[Stored entries]
════════════════
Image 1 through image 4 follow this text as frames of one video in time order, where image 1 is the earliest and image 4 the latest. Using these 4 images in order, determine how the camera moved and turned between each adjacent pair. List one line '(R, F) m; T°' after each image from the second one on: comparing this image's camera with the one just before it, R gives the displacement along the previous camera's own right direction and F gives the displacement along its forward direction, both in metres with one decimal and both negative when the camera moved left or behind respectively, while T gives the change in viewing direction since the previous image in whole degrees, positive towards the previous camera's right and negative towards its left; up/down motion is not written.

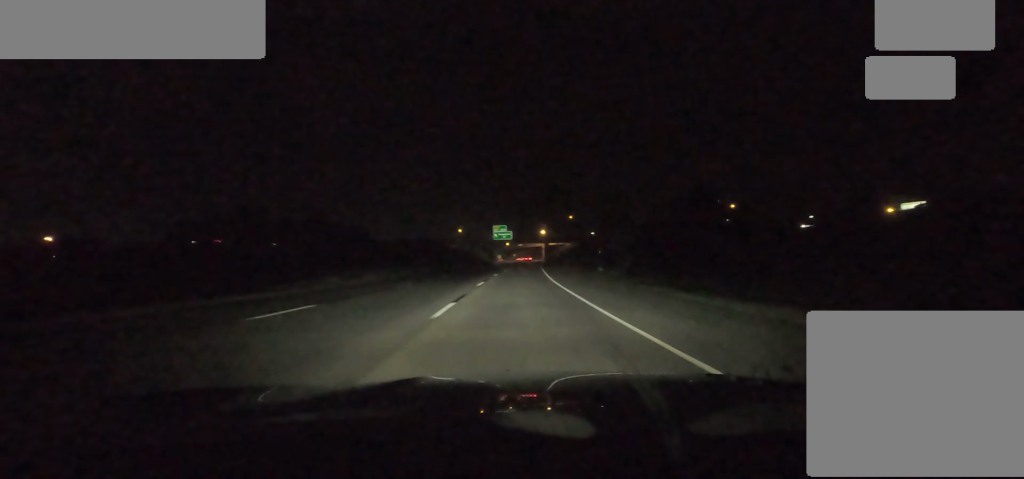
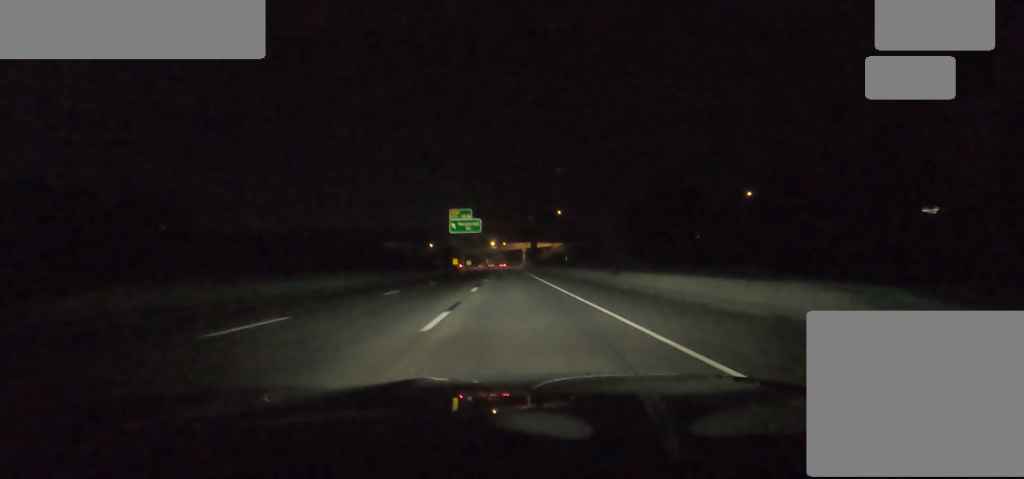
(-0.2, +56.1) m; +1°
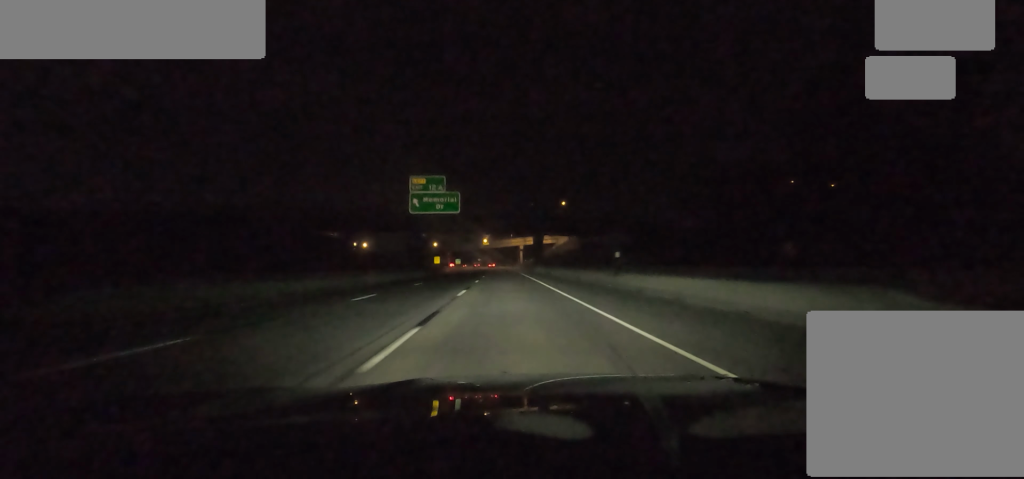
(+1.3, +30.3) m; +2°
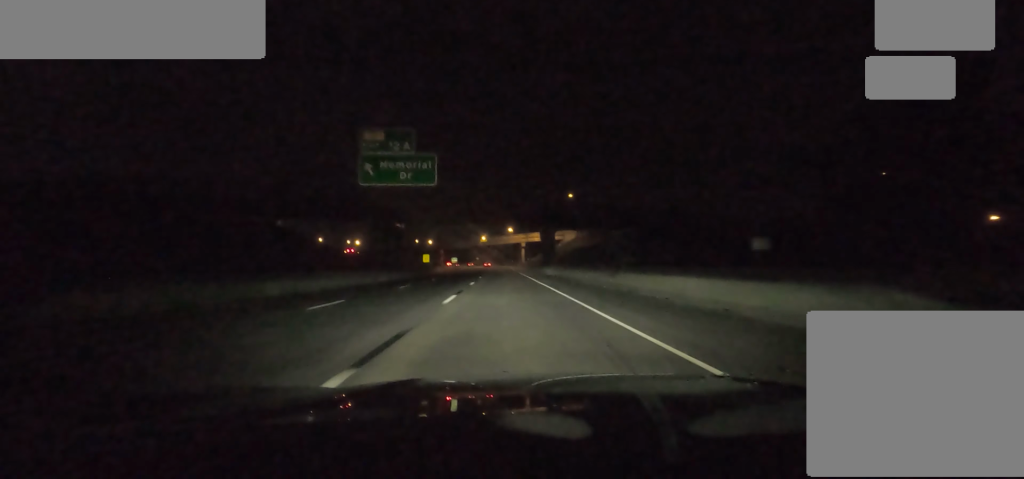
(-0.1, +17.7) m; -1°
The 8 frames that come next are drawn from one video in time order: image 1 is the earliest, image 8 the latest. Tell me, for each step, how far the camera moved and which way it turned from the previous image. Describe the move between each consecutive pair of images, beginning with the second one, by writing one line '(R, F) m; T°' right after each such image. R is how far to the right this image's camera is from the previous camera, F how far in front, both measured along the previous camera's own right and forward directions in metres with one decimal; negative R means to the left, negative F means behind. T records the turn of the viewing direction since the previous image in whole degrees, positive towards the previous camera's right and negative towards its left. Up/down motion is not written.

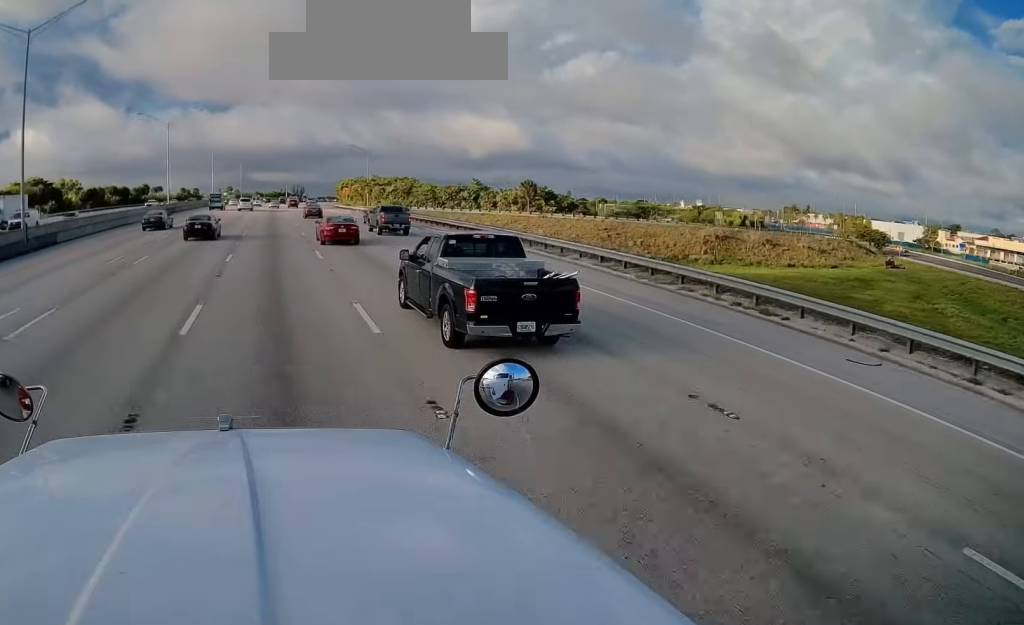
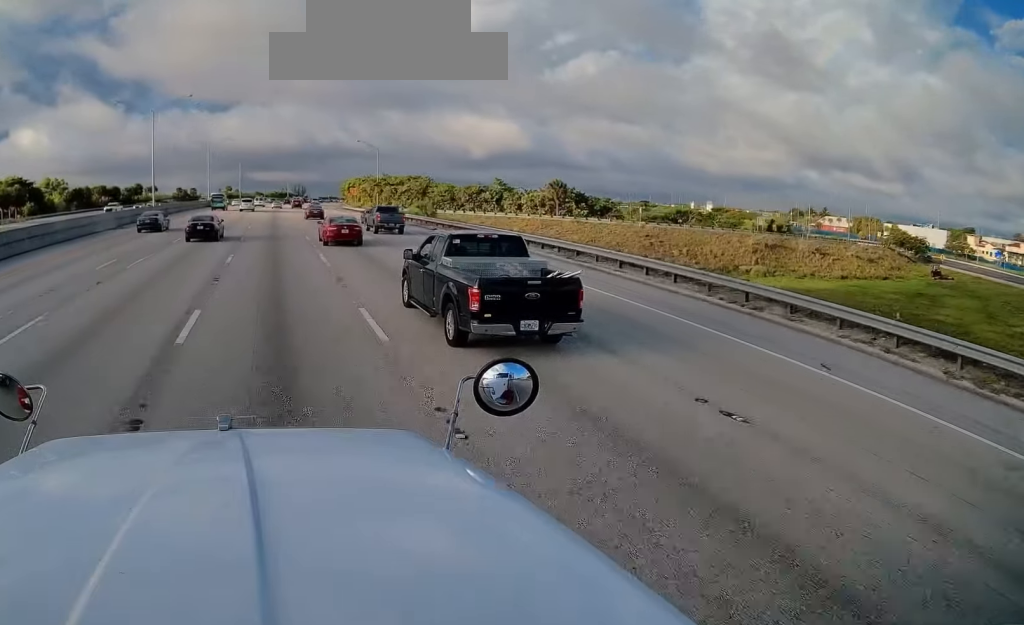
(0.0, +14.4) m; 0°
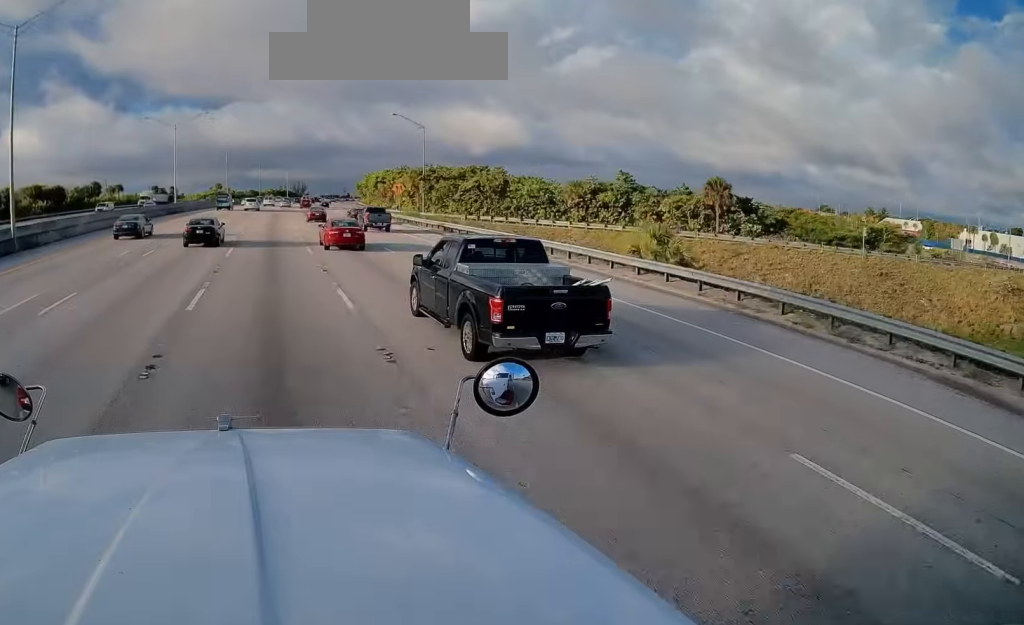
(+0.2, +47.5) m; +1°
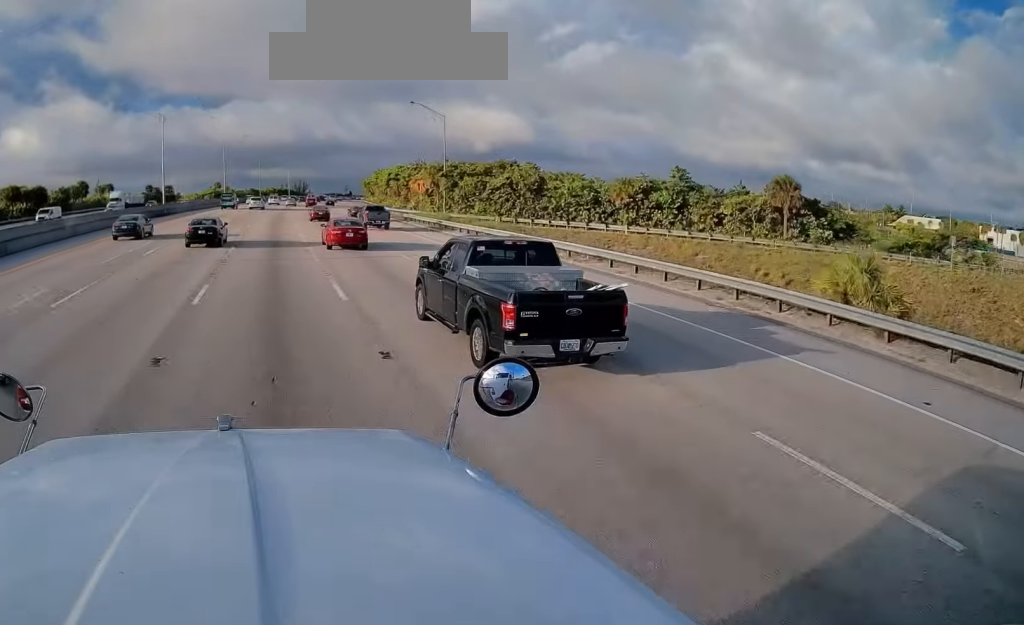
(0.0, +11.8) m; 0°
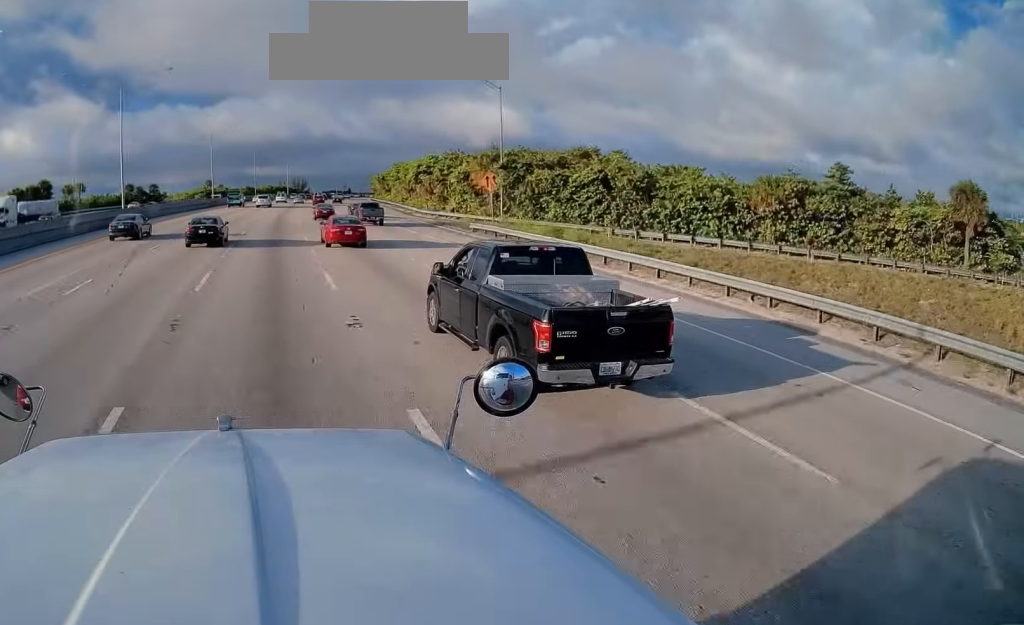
(-0.1, +23.5) m; 0°
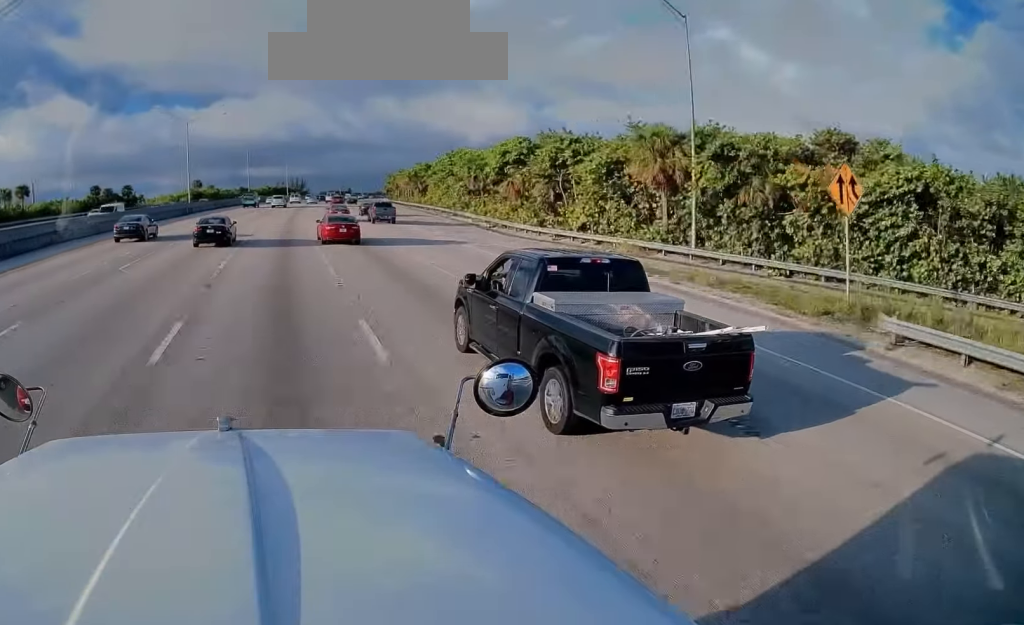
(0.0, +31.9) m; +1°
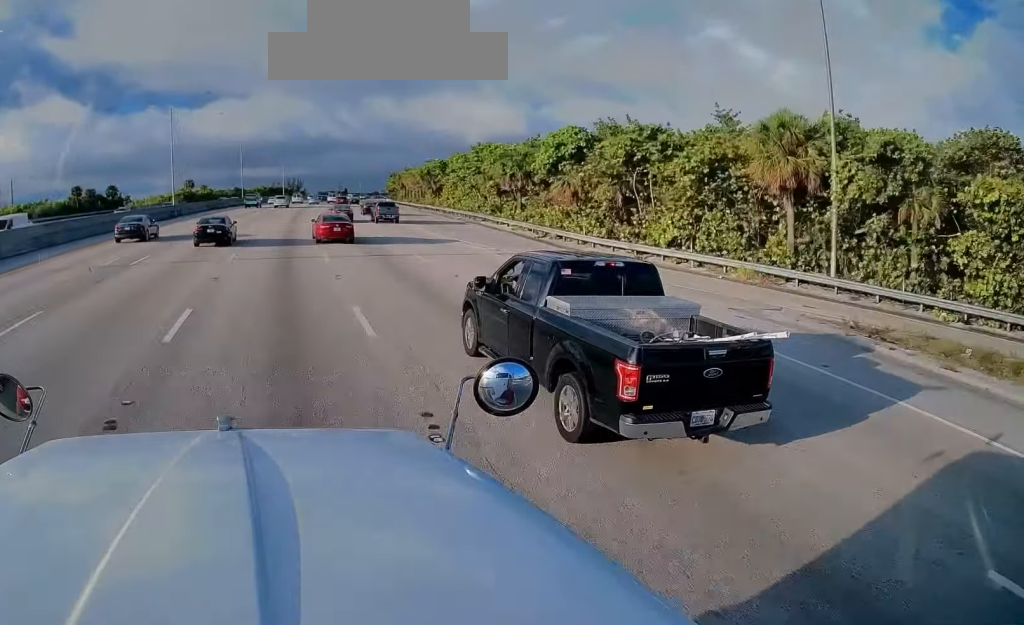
════════════════
Aim of the exercise =
Please set down the records above verbatim, with each picture left out.

Written response =
Image 1 through image 4 follow this text as frames of one video in time order, where image 1 is the earliest and image 4 the latest. Using these 4 images in order, determine how the camera moved and turned between each adjacent pair. List one line '(R, F) m; T°' after each image from the second one on: comparing this image's camera with the one just before it, R gives the displacement along the previous camera's own right direction and F gives the displacement along its forward direction, both in metres with one decimal and both negative when the camera moved left or behind respectively, while T gives the change in viewing direction since the previous image in whole degrees, positive towards the previous camera's right and negative towards its left; up/down motion is not written.

(-0.2, +56.1) m; +1°
(+1.3, +30.3) m; +2°
(-0.1, +17.7) m; -1°
The 8 frames that come next are drawn from one video in time order: image 1 is the earliest, image 8 the latest. Tell me, for each step, how far the camera moved and which way it turned from the previous image. Describe the move between each consecutive pair of images, beginning with the second one, by writing one line '(R, F) m; T°' right after each such image. R is how far to the right this image's camera is from the previous camera, F how far in front, both measured along the previous camera's own right and forward directions in metres with one decimal; negative R means to the left, negative F means behind. T records the turn of the viewing direction since the previous image in whole degrees, positive towards the previous camera's right and negative towards its left. Up/down motion is not written.

(0.0, +14.4) m; 0°
(+0.2, +47.5) m; +1°
(0.0, +11.8) m; 0°
(-0.1, +23.5) m; 0°
(0.0, +31.9) m; +1°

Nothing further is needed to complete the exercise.